*What the exercise asks*:
The line containing "I drew the box" and all lines following it in the listing below are to be reproduced exactly, with no other lines.

*Extracted records*:
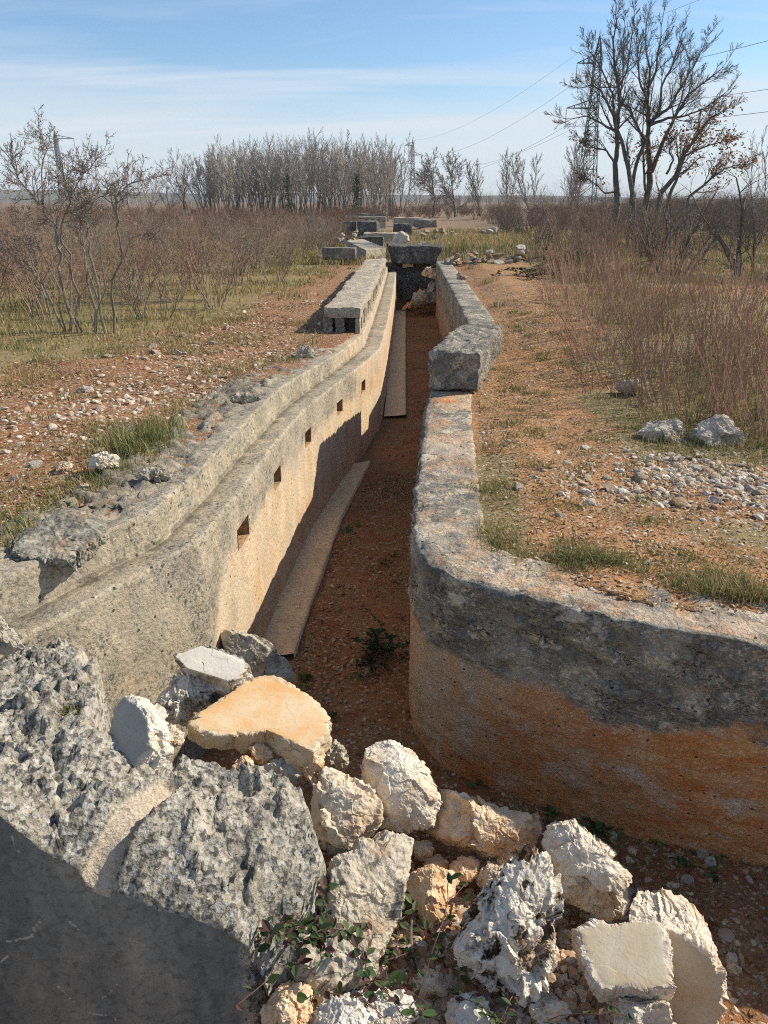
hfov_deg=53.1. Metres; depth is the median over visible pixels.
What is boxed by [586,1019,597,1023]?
loose stone
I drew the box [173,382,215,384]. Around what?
twig
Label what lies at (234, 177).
grove tree
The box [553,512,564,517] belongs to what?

*Completed exercise*:
I drew the box [173,382,215,384]. Around what?
twig
Label what lies at (234, 177).
grove tree
The box [553,512,564,517] belongs to what?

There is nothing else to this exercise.